You sir, got a stiffy talking about others being cruel to another rider. TRY ME. You wont, cause you know. Just tell me where you ride. Thats all I need to know. Look for a guy with big calves, on a Bianchi, please


----------



## Dave IV (Jan 20, 2009)

ttug said:


> You sir, got a stiffy talking about others being cruel to another rider. TRY ME. You wont, cause you know. Just tell me where you ride. Thats all I need to know. Look for a guy with big calves, on a Bianchi, please


I did not get a stiffy. I wrote that the guy was taken down. I also wrote that I did not do it. In addition, I wrote that I had no sympathy because of his attitude and demeanor.
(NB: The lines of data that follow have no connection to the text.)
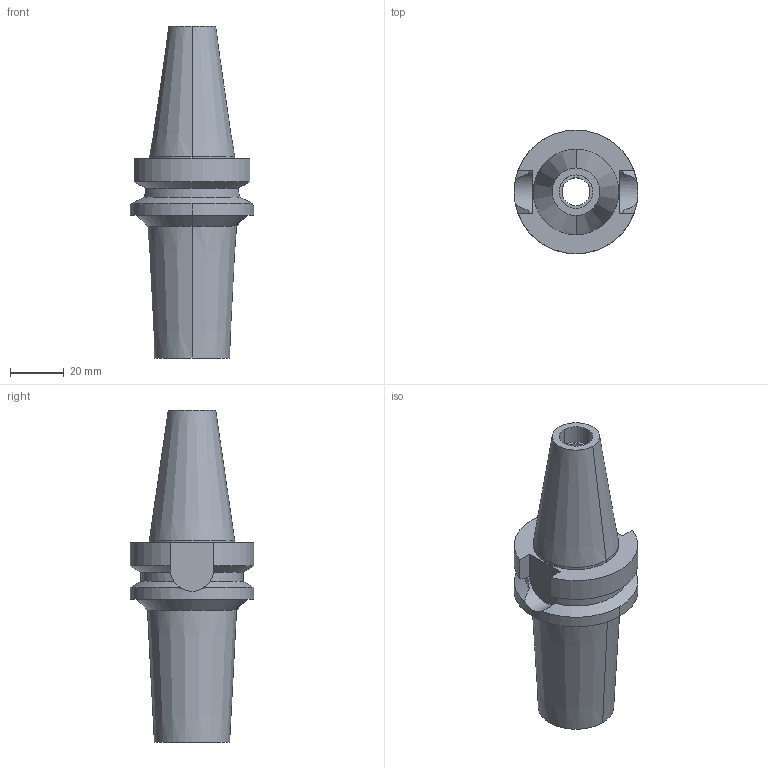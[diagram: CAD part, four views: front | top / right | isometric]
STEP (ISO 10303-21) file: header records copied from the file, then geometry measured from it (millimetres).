
FILE_DESCRIPTION((''),'2;1');
FILE_NAME('BBT30-SRC16-75','2018-06-29T',('ykawabe'),(''),'CREO PARAMETRIC BY PTC INC, 2016380','CREO PARAMETRIC BY PTC INC, 2016380','');
FILE_SCHEMA(('AUTOMOTIVE_DESIGN { 1 0 10303 214 1 1 1 1 }'));
Length unit declared in the file: millimetre
Products named in the file (1): BBT30-SRC16-75
Bounding box: 46 x 46 x 123.4 mm (x, y, z)
Volume: 73042.3 mm3; surface area: 20396.1 mm2
Topology: 1 solids, 1 shells, 43 faces, 113 edges, 77 vertices
Faces by surface type: cylinder 20, plane 13, cone 10
Entity records: 1887 total; most frequent: CARTESIAN_POINT 322, DIRECTION 246, ORIENTED_EDGE 226, PRESENTATION_STYLE_ASSIGNMENT 118, STYLED_ITEM 118, CURVE_STYLE 117, EDGE_CURVE 113, AXIS2_PLACEMENT_3D 104

You are responding by trying to insult me and on the verge of threatening me. I do trust that you are getting enjoyment out of this, because it sounds as if you are ready to rupture an aneurysm.

And you must know deep down that I have no intention of giving you my name , or license number, and have absolutely no desire to ride with you.

So, I fully expect your next post to be filled with insults and threats and maybe some name-calling. If it makes you feel better let it rip...I can take it.


----------



## K&K_Dad (Dec 10, 2008)

Tschai said:


> This analogy fails. The rainbow jersey is not like a trophy. The rainbow winner gets an actual trophy for winning their event. The rainbow jersey is exactly what its name says, it is...a jersey. The WC is entitled and/or must wear the rainbow jersey in any UCI racing event that is in the same category of racing in which the world championship was won. Outside of this formal race environment, wearing a rainbow jersey means nothing, and is absolutely not disrespectful. In fact, it is more likely the opposite. A tribute to the WC.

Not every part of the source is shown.